On the brink of arm-wrestling their way back into playoff relevence Sunday, the Rams found themselves once again one play short and tumbling back into their season-long 1990 nightmare.
And like all recurring bad dreams, the Rams’ 24-20 loss to the New Orleans Saints was full of just-missed opportunities, mini-victories that evaporated and a slew grandiose, frozen-in-time failures before an Anaheim Stadium crowd of 56,864.
Funny how one tricky three-hour game can have so many parts, but these tragedy-in-the-making Rams probably couldn’t have done it any other way. Why have a nightmare if it can’t be shared by millions?
This was a loss that finally and irreversibly knocks the Rams (5-8) out of any logical playoff scenario, no matter what those calculator-cranking mathematicians may say.
This was a loss that shouldn’t have been, a loss that was handed away when the Rams (who had 24 first downs to the Saints’ nine) seemed to be at last capturing their nerve and ability to win close games.
This was a loss that had tailback Cleveland Gary talking plainly about the unlikely possibility of being waived after his two lost fumbles gave New Orleans renewed life, and left quarterback Jim Everett dead-eyed and unable to come up with explanations.

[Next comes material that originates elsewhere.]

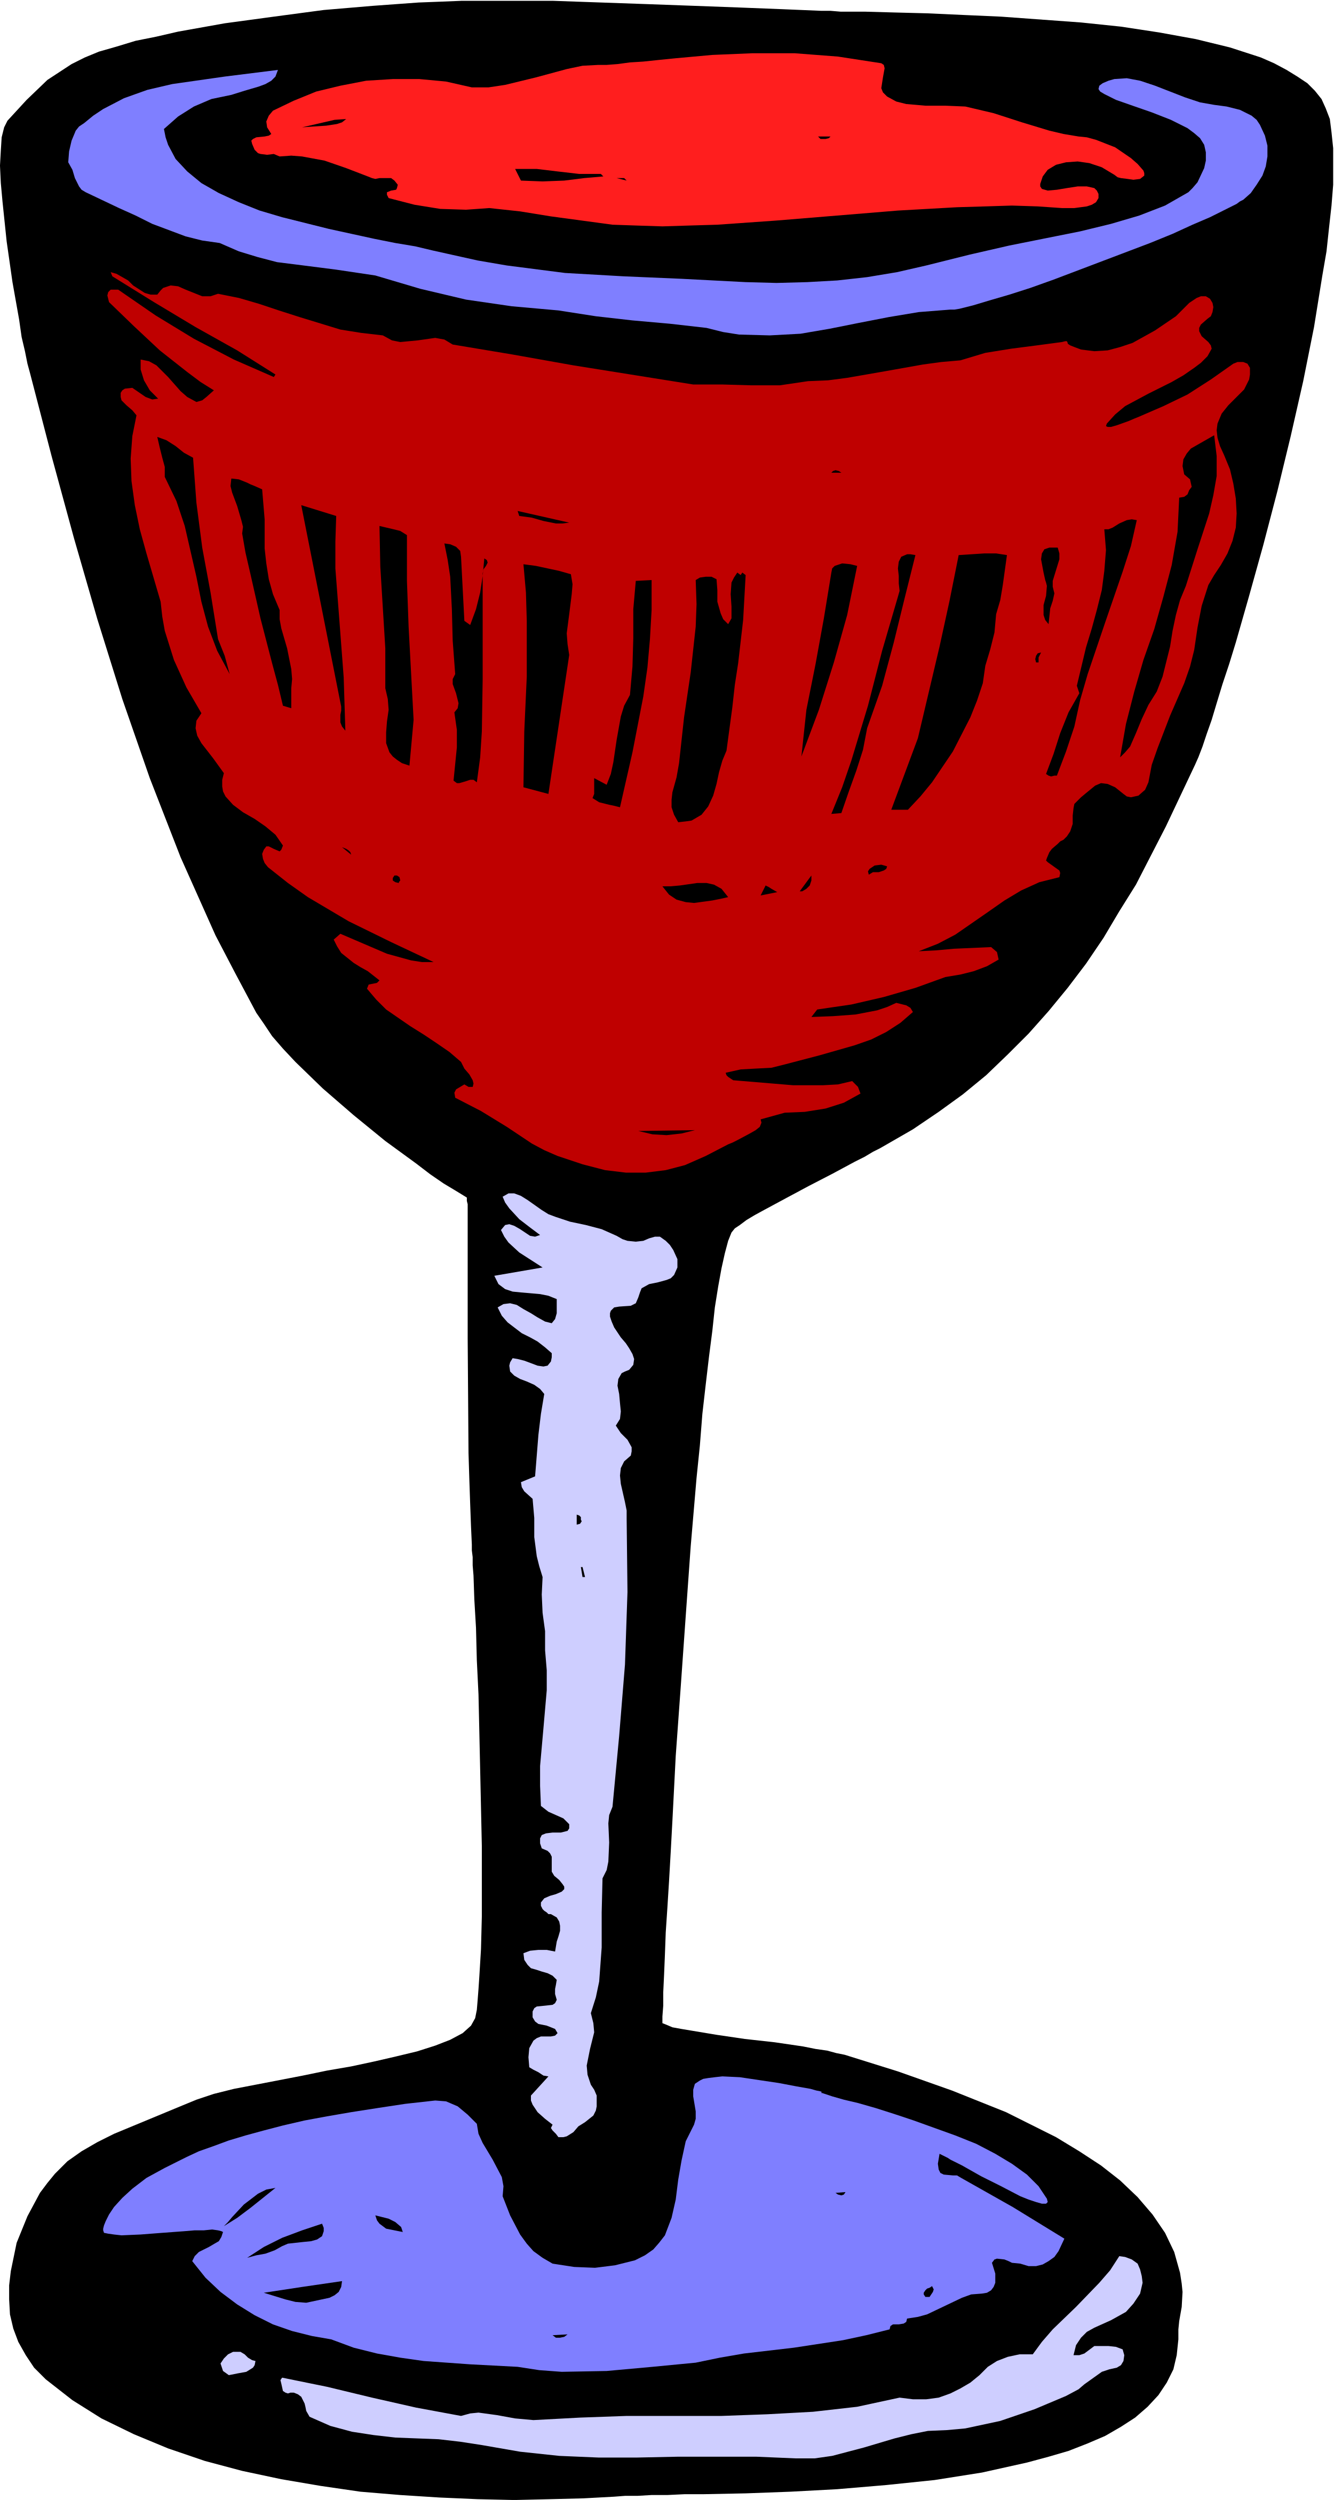 <svg xmlns="http://www.w3.org/2000/svg" fill-rule="evenodd" height="3.004in" preserveAspectRatio="none" stroke-linecap="round" viewBox="0 0 1603 3004" width="1.603in"><style>.brush1{fill:#000}.pen1{stroke:none}.brush2{fill:#7f7fff}.brush5{fill:#ceceff}</style><path class="pen1 brush1" d="M554 1h111l114 4 55 2 54 2 51 2 48 2h11l12 1h29l36 1 39 1 44 2 45 2 96 7 48 5 46 7 44 8 41 10 37 12 16 7 15 8 13 8 12 8 9 9 8 10 5 11 5 13 2 16 2 19v44l-2 25-3 27-3 28-5 29-10 62-13 65-15 66-16 66-17 65-17 61-16 56-8 26-8 24-7 23-6 20-6 17-5 15-5 13-4 9-35 74-36 70-20 32-19 32-21 31-22 29-23 28-24 27-25 25-26 25-28 23-29 21-31 21-33 19-7 4-8 4-10 6-12 6-26 14-29 15-28 15-26 14-11 6-10 6-8 6-6 4-4 5-4 10-4 15-4 18-4 22-4 25-3 28-4 31-4 34-4 35-3 38-4 39-7 82-6 84-6 85-6 83-4 78-2 37-2 35-2 32-2 30-1 27-1 24-1 21v16l-1 13v8l5 2 7 3 11 2 12 2 30 5 34 5 36 4 34 5 15 3 14 2 11 3 10 2 64 20 65 23 65 26 60 30 28 17 26 17 23 18 21 20 18 21 15 22 11 23 7 25 2 13 1 10-1 18-3 17-1 10v12l-2 19-4 17-8 16-10 15-13 14-15 13-17 11-19 11-21 9-23 9-24 7-26 7-54 12-57 9-58 6-59 5-56 3-54 2-50 1h-23l-21 1h-19l-17 1h-15l-13 1-37 2-40 1-43 1-44-1-46-2-47-3-48-4-48-7-47-8-47-10-45-12-44-15-41-17-39-19-35-22-32-25-14-14-10-15-9-16-6-16-4-17-1-18v-17l2-17 7-34 13-32 15-28 9-12 9-11 15-15 17-12 19-11 20-10 82-34 17-7 21-7 24-6 26-5 57-11 29-6 29-5 28-6 26-6 25-6 22-7 18-7 15-8 10-9 5-9 2-10 1-12 1-13 1-15 2-33 1-39v-85l-2-92-2-90-2-41-1-39-2-34-1-29-1-12v-10l-1-8v-7l-1-22-1-27-1-29-1-32-1-138v-161l-1-4v-4l-13-8-15-9-16-11-17-13-37-27-38-31-37-32-33-32-15-16-13-15-10-15-9-13-25-47-24-46-42-94-37-95-33-95-30-96-28-97-27-99-26-100-3-11-3-15-4-17-3-21-8-45-7-49-5-48-2-22-1-21 1-18 1-16 3-12 4-8 23-25 25-24 29-19 16-8 17-7 21-6 23-7 25-5 26-6 56-10 59-8 60-8 59-5 55-4 26-1 25-1z"/><path class="pen1 brush2" d="m334 84-3 8-5 5-7 4-8 3-17 5-16 5-24 5-21 9-19 12-17 15 2 10 3 9 9 17 14 15 17 14 21 12 24 11 25 10 27 8 56 14 55 12 25 5 24 4 21 5 18 4 36 8 35 6 70 9 70 4 70 3 77 4 37 1 37-1 36-2 36-4 36-6 35-8 52-13 48-11 45-9 40-8 37-9 34-10 31-12 28-16 5-5 6-7 8-17 2-9v-10l-2-9-5-8-7-6-8-6-20-10-23-9-23-8-20-7-8-4-6-3-5-3-2-3 1-4 4-3 7-3 7-2 15-1 16 3 18 6 36 14 18 6 17 3 15 2 16 4 14 7 6 5 4 6 6 13 3 12v13l-2 12-4 11-7 11-7 10-9 8-4 2-4 3-14 7-18 9-21 9-24 11-27 11-116 44-28 10-25 8-24 7-20 6-16 4-6 1h-5l-38 3-36 6-36 7-35 7-35 6-37 2-37-1-19-3-20-5-44-5-45-4-44-5-45-7-56-5-55-8-55-13-54-16-47-7-47-6-24-3-23-6-23-7-23-10-21-3-20-5-40-15-20-10-20-9-40-19-5-3-3-4-5-10-3-10-5-9 1-13 3-13 5-12 4-5 6-4 11-9 12-8 25-13 28-10 30-7 63-9 64-8z"/><path class="pen1" style="fill:#ff1e1e" d="m1059 76 3 2 1 4-2 11-2 13 2 5 5 5 11 6 12 3 23 2h24l24 1 34 8 34 11 33 10 17 4 18 3 10 1 11 3 23 9 19 13 8 7 7 8 1 3v3l-5 4-8 1-7-1-8-1-4-1-4-3-15-9-15-5-14-2-14 1-12 3-10 6-6 8-3 9v3l2 3 7 2 11-1 12-2 13-2h11l9 2 3 3 2 4v5l-3 5-5 3-6 2-15 2h-15l-29-2-31-1-32 1-34 1-71 4-146 12-71 5-34 1-32 1-31-1-29-1-74-10-37-6-37-4-28 2-31-1-31-5-31-8-2-4v-3l5-2 6-1 1-2 1-4-4-5-4-3h-14l-5 1-4-1-5-2-26-10-26-9-27-5-13-1-14 1-7-3-8 1-8-1-3-1-4-4-3-7-1-4 2-2 4-2 10-1 5-1 3-2-5-8-1-7 3-7 5-6 25-12 27-11 29-7 31-6 32-2h32l32 3 31 7h20l20-3 37-9 37-10 19-4 19-1h10l13-1 15-2 16-1 19-2 20-2 44-4 48-2h51l52 4 52 8z"/><path class="pen1 brush1" d="m416 143-5 4-6 2-13 2-15 1-14 1 26-6 13-3 14-1zm582 21-2 2-4 1h-6l-3-3h15zm-276 45 3 3-23 2-24 3-26 1-26-1-7-14h26l25 3 26 3h26zm31 8-12-3h9l3 3z"/><path class="pen1" style="fill:#bf0000" d="m189 354 4-5 3-3 9-3 9 1 9 4 20 8h10l9-3 25 5 24 7 24 8 25 8 49 15 25 4 26 3 11 6 10 2 21-2 21-3 11 2 10 6 72 12 73 13 144 23h35l35 1h34l34-5 24-1 23-3 46-8 45-8 22-3 23-2 30-9 31-5 31-4 30-4 4-1h2l1 2v1l3 2 5 2 8 3 16 2 16-1 15-4 15-5 27-15 25-17 16-16 9-6 5-2h6l5 3 3 5 1 5-1 6-2 5-4 3-8 7-2 4v4l3 6 8 7 3 4 1 4-5 9-8 8-8 6-13 9-14 8-28 14-28 15-12 10-10 11-1 3 2 1h4l7-2 14-5 7-3 5-2 30-13 29-14 28-18 27-19 5-2h7l5 2 3 5v8l-1 6-6 12-9 9-10 10-8 10-5 12-1 8 1 9 3 10 5 11 7 17 4 17 3 18 1 18-1 17-4 16-6 15-8 14-8 12-7 12-8 25-5 26-4 27-5 20-7 20-17 39-15 39-7 20-4 21-4 9-8 7-9 2-5-1-4-3-10-8-9-4-8-1-7 3-11 9-6 5-5 5-3 3-1 5-1 9v10l-3 9-4 6-4 4-4 2-3 3-7 6-3 4-3 7-1 3 2 2 14 10 1 3-1 5-24 6-22 10-20 12-20 14-39 27-21 11-23 9 20-1 22-2 45-2 7 6 2 9-14 8-16 6-16 4-18 3-36 13-38 11-39 9-41 6-7 9 26-1 27-2 26-5 12-4 11-5 12 3 5 3 3 5-15 13-17 11-18 9-20 7-42 12-42 11-16 4-19 1-18 1-18 4 1 3 2 2 6 4 72 6h36l18-1 17-4 7 7 3 8-20 11-22 7-25 4-24 1-29 8 1 4-2 5-5 4-7 4-15 8-6 3-5 2-27 14-25 11-23 6-24 3h-24l-25-3-27-7-30-10-16-7-15-8-30-20-31-19-31-16-1-6 2-4 10-6 5 3h5l1-4-1-4-4-7-6-7-4-8-14-12-16-11-15-10-16-10-29-20-12-12-11-13 2-5 10-2 3-3-14-11-9-5-8-5-15-12-5-8-4-8 8-7 56 24 29 8 13 2h14l-51-24-51-25-49-29-24-17-24-19-4-5-2-5-1-6 2-5 3-4h3l6 3 7 3 2-2 2-5-9-13-12-10-13-9-14-8-12-9-9-10-3-6-1-6v-8l2-8-13-18-14-18-5-9-2-9 1-9 6-9-18-31-15-33-11-35-3-17-2-18-17-58-8-29-6-29-4-29-1-27 2-27 5-25-5-6-7-6-6-6-1-4v-5l2-3 3-2 9-1 16 11 8 3 7-1-10-10-7-12-4-13v-12l10 2 9 5 14 14 15 17 8 7 11 6 7-2 5-4 9-8-16-10-16-12-33-26-31-29-30-29-2-8 1-4 3-3h9l45 31 46 28 48 25 48 21 2-3-46-29-50-28-50-30-50-31-2-5 7 2 14 8 6 6 14 9 7 2h8z"/><path class="pen1 brush1" d="m232 550 4 54 7 54 10 54 9 56 8 20 6 22-15-28-11-29-8-30-6-30-14-61-10-30-14-29v-12l-3-11-3-12-3-13 11 4 11 7 10 8 11 6zm83 38 3 36v35l2 18 3 19 5 18 8 19v11l2 11 7 24 5 25 1 12-1 11v24l-10-3-6-25-7-26-14-54-12-53-6-26-4-23 1-8-2-8-5-17-6-16-2-8 1-9 9 1 10 4 4 2 5 2 9 4zm1144-65 3 25v24l-4 23-5 22-14 43-14 44-7 17-5 18-4 19-3 19-9 36-7 18-10 16-8 17-7 17-7 16-6 7-6 6 7-40 10-39 11-38 13-37 11-39 10-38 7-40 2-41 6-1 4-3 2-5 3-4-2-9-7-6-2-10 1-8 4-7 5-6 14-8 14-8zm-448 45h-12l2-2 3-1 4 1 3 2zm-607 52-1 31v32l5 65 5 66 2 64-4-5-2-5v-9l1-5v-5l-2-10-46-232 42 13zm280 8-8 1h-8l-15-3-14-4-15-2-2-6 62 14zm-195 15v55l2 55 6 112-5 55-9-3-6-4-5-4-4-5-4-11v-13l1-13 2-14-1-13-3-13v-48l-6-98-1-49 17 4 8 2 8 5zm65 26 4 77 7 5 7-19 5-20 3-20 2-21 3 2 1 3-2 4-3 4-1 5v127l-1 63-2 31-4 30-4-3h-4l-6 2-7 2h-3l-4-3 4-40v-21l-3-21 4-5 1-6-3-12-4-11v-6l3-6-3-40-1-38-2-39-3-20-4-20 7 1 7 3 5 5 1 7zm812-44-7 31-10 31-21 61-21 62-9 31-7 32-10 30-11 29h-3l-4 1-3-1-3-2 9-24 8-25 10-25 13-23-3-9 11-46 7-23 6-22 6-24 3-23 2-25-2-25h5l5-2 8-5 9-4 6-1 6 1zm-680 65 2 12-1 12-3 24-3 23 1 13 2 13-25 167-30-8 1-67 3-66v-67l-1-34-3-34 15 2 28 6 14 4zm414-23-13 52-13 53-14 52-18 51-5 26-8 25-9 25-9 26-12 1 13-32 11-32 20-66 17-66 19-65 2-7-1-9v-9l-1-9 1-8 3-6 7-3h4l6 1zm171-9 2 7v7l-8 26v7l2 8-2 9-3 9-2 19-4-5-2-6v-12l3-11 1-12-1-4-1-3-2-9-3-16 1-7 3-5 6-2h10v-1 1zm-61 9-5 36-3 18-5 17-2 22-5 20-6 20-3 21-7 21-8 20-21 41-25 37-14 17-15 16h-20l32-86 26-110 12-55 11-55 31-2h14l13 2zm-180 13-12 59-16 57-18 57-21 56 6-56 11-55 10-55 9-55 1-5 3-3 9-3 10 1 8 2zm-138 8 4 3-3 54-6 52-4 26-3 27-7 52-5 12-4 14-3 14-4 14-6 13-8 10-12 7-7 1-9 1-5-9-3-9v-9l1-9 5-18 3-17 6-55 8-54 6-55 1-27-1-29 5-3 7-1h7l6 3 1 13v14l4 14 3 7 6 6 4-7v-14l-1-15 1-14 3-6 4-6 4 3 2-3zm-109 9v36l-2 35-3 34-5 35-13 67-15 66-8-2-5-1-4-1-8-2-8-5 2-5v-19l15 8 5-13 3-14 4-27 5-28 4-13 7-13 3-34 1-34v-35l3-34 19-1zm468 87-3 6v6h-3l-1-4 1-4 2-3 4-1zm-830 240 1 3-11-9 5 2 3 2 2 2zm59 30 1 4-1 1-1 2-4-1-3-2v-3l2-3h3l3 2zm586-13-1 3-3 2-6 2h-7l-5 3-1-4 2-3 6-4 8-1 7 2zm-102 30h-3l14-19v6l-2 6-4 4-5 3zm-89 7-9 2-10 2-22 3-10-1-11-3-9-6-8-10h10l11-1 21-3h11l9 2 9 5 8 10zm59-6-20 4 6-12 4 2 3 2 7 4zm-409 87 12 2-12-2zm223 198 12-1-12 1zm87 1-16 4-18 2-17-1-17-4 68-1z"/><path class="pen1 brush5" d="m667 1462 18 6 19 4 19 5 18 8 7 4 6 2 10 1 9-1 7-3 7-2h6l7 5 5 5 4 6 5 11v10l-4 9-4 4-5 2-11 3-10 2-9 5-2 5-2 6-3 7-6 3-14 1-6 1-4 4-1 3v4l2 6 3 7 8 12 6 7 4 6 4 7 2 6-1 7-5 6-5 2-4 2-4 7-1 8 2 10 1 11 1 10-1 9-5 8 6 9 8 8 5 9v5l-1 5-8 7-4 8-1 9 1 10 5 22 2 10v10l1 88-3 87-7 86-8 85-4 10-1 10 1 23-1 23-2 10-5 10-1 41v42l-3 41-4 19-6 19 3 12 1 11-5 20-4 20 1 11 4 12 4 6 3 7v13l-1 5-3 6-10 8-8 5-6 7-8 5-4 1h-6l-3-4-4-4-2-3 2-4-9-7-9-8-6-9-2-5v-6l21-23-6-1-6-4-6-3-5-3-1-12 1-11 5-9 4-3 5-2h12l5-1 3-3-3-5-10-4-10-2-4-3-3-5v-7l2-4 3-2 10-1 9-1 3-2 2-4-2-7v-6l1-5 1-6-5-5-6-3-7-2-6-2-7-2-4-4-4-6-1-8 8-3 10-1h10l10 2 2-12 2-6 2-7v-6l-1-5-3-5-7-4h-3l-2-2-3-2-2-2-2-4v-4l4-5 7-3 7-2 7-3 3-3v-3l-2-3-4-5-6-5-3-5v-18l-2-4-3-3-7-3-2-6v-6l2-4 5-2 8-1h10l8-2 2-3v-5l-7-7-18-8-9-7-1-24v-24l4-45 4-46v-24l-2-24v-23l-3-22-1-22 1-21-4-13-3-12-3-23v-23l-2-23-10-9-3-5-1-6 17-7 4-50 3-25 4-24-5-6-7-5-9-4-8-3-7-4-5-5-1-7 1-4 3-5 6 1 8 2 16 6 7 1 5-1 4-5 1-5v-5l-8-7-9-7-9-5-10-5-17-13-7-8-5-10 7-4 8-1 8 2 8 5 9 5 8 5 9 5 8 2 4-5 2-7v-17l-10-4-10-2-23-2-10-1-9-3-8-6-5-10 58-10-28-18-13-12-5-7-4-8 5-6 5-1 6 2 7 4 12 8 6 1 6-2-12-9-13-10-12-13-5-7-3-7 7-4h7l8 3 8 5 17 12 8 5 8 3z"/><path class="pen1 brush1" d="m699 1828-2 3-4 1v-12l3 1 2 2v3l1 2zm-1 55h2l3 12h-3l-2-12z"/><path class="pen1 brush2" d="m1258 2642 1 4-2 2h-5l-7-2-9-3-10-4-23-12-24-12-23-13-10-5-4-2-3-2-6-3-4-2-2 12 1 7 2 4 4 2 11 1h5l5 3 62 35 62 38-7 15-5 7-7 5-7 4-8 2h-9l-10-3-10-1-4-2-5-2-9-1-3 1-3 4 4 13v11l-2 5-3 4-5 3-6 1-13 1-11 4-42 20-11 3-13 2-1 4-3 2-6 1h-7l-3 2-1 4-28 7-28 6-59 9-60 7-29 5-29 6-52 5-55 5-54 1-27-2-26-4-57-3-56-4-28-4-28-5-28-7-27-10-23-4-24-6-23-8-22-11-21-13-20-15-18-17-16-20 3-6 5-5 12-6 12-7 3-5 2-6-2-1-4-1-7-1-10 1h-11l-12 1-27 2-26 2-23 1-9-1-7-1-5-1-1-3v-2l1-4 2-5 4-8 6-9 10-11 12-11 17-13 22-12 26-13 15-7 17-6 19-7 20-6 22-6 23-6 26-6 27-5 29-5 32-5 33-5 36-4 13 1 14 6 12 10 11 11 2 12 5 11 12 20 11 21 2 11-1 12 9 23 12 23 8 11 8 9 11 8 12 7 26 4 25 1 24-3 24-6 12-6 10-7 7-8 7-9 8-21 5-22 3-24 4-23 5-23 10-20 2-7v-9l-3-18v-8l2-7 6-4 4-2 6-1 8-1 9-1 21 1 47 7 21 4 17 3 7 2 5 1 2 1h1-2v1h1l3 1 9 3 14 4 17 4 21 6 22 7 24 8 50 18 25 10 23 12 20 12 18 13 14 14 10 15z"/><path class="pen1 brush1" d="m331 2629-30 24-16 12-16 10 5-5 5-6 14-15 17-13 10-5 11-2zm151 47 2 6-20-4-8-6-3-4-2-6 16 4 8 4 7 6zm534-42-2 3-3 1-4-1-3-2 12-1zm-629 38 2 5v4l-2 6-6 4-7 2-10 1-18 2-7 3-9 5-11 4-11 2-11 3 20-13 22-11 24-9 24-8zm24 69-1 7-3 6-5 4-6 3-28 6-13-1-12-3-26-8 46-7 48-7z"/><path class="pen1 brush5" d="m1370 2727 2 8 1 8-3 13-8 12-9 10-18 10-20 9-9 5-7 7-6 9-3 12h7l6-2 12-9h17l9 1 8 3 2 7-1 7-3 5-5 3-9 2-9 3-14 10-7 5-7 6-15 8-38 16-41 14-42 9-22 2-23 1-20 4-20 5-37 11-38 10-21 3h-23l-47-2h-95l-48 1h-47l-47-2-47-5-46-8-26-4-26-3-52-2-26-3-26-4-26-7-25-11-4-7-1-5-1-4-4-8-4-3-5-2h-4l-3 1-3-1-3-2-2-9-1-4 2-3 54 11 54 13 53 12 54 10 11-3 10-1 22 3 22 4 22 2 56-3 56-2h114l55-2 55-3 53-6 51-11 16 2h16l15-2 14-5 12-6 12-7 11-9 10-10 11-7 13-5 14-3h16l11-15 13-15 28-27 28-29 13-15 11-17 7 1 8 3 7 5 3 7z"/><path class="pen1 brush1" d="m1120 2747 2 4-1 3-4 6h-5l-2-3v-2l2-3 2-2 3-1 3-2z"/><path class="pen1 brush5" d="m307 2837-1 5-2 3-8 5-11 2-10 2-7-5-3-9 4-6 5-5 6-3h9l5 3 4 4 5 3 4 1z"/><path class="pen1 brush1" d="m682 2805-4 3-5 1h-5l-4-3 18-1z"/></svg>

“I know this loss kills us,” Everett said.
It was a loss that is probably best recalled in slow motion, because that’s how the pivotal moments of the Rams’ undoing seemed to unravel--especially the last 33 seconds of the game, which played out like 33 minutes.
Thirty-three seconds full of sound, fury and mass confusion, signifying the end of the Ram season. Perfect.
“We had our chance,” Everett said, “and we just couldn’t make the plays.”
After a combination of blown defensive assignments and a key Gary fumble--his 11th of the season and fifth in four games--had allowed the Saints to erase a 10-point fourth-quarter deficit and pull ahead, 24-20, the Rams still had a chance to pull it out.
Behind Everett, they got all the way to the Saint six-yard line, needing a touchdown with those 33 seconds left in the game to do it and, due to some offensive confusion, zero timeouts. The Rams could have had close to 40 seconds if they hadn’t delayed so long calling their last timeout. Everett said he was waiting for a signal from the bench.
On second and goal from the six, Everett was sacked by linebacker Pat Swilling for a 10-yard loss. On the next play, with 21 seconds to play, Everett, under a big rush, hit Pete Holohan for three meaningless yards to the 13, where the Rams got the worst of both worlds: the clock would have stopped on an incomplete pass or if Holohan could’ve gotten out of bounds, but neither happened.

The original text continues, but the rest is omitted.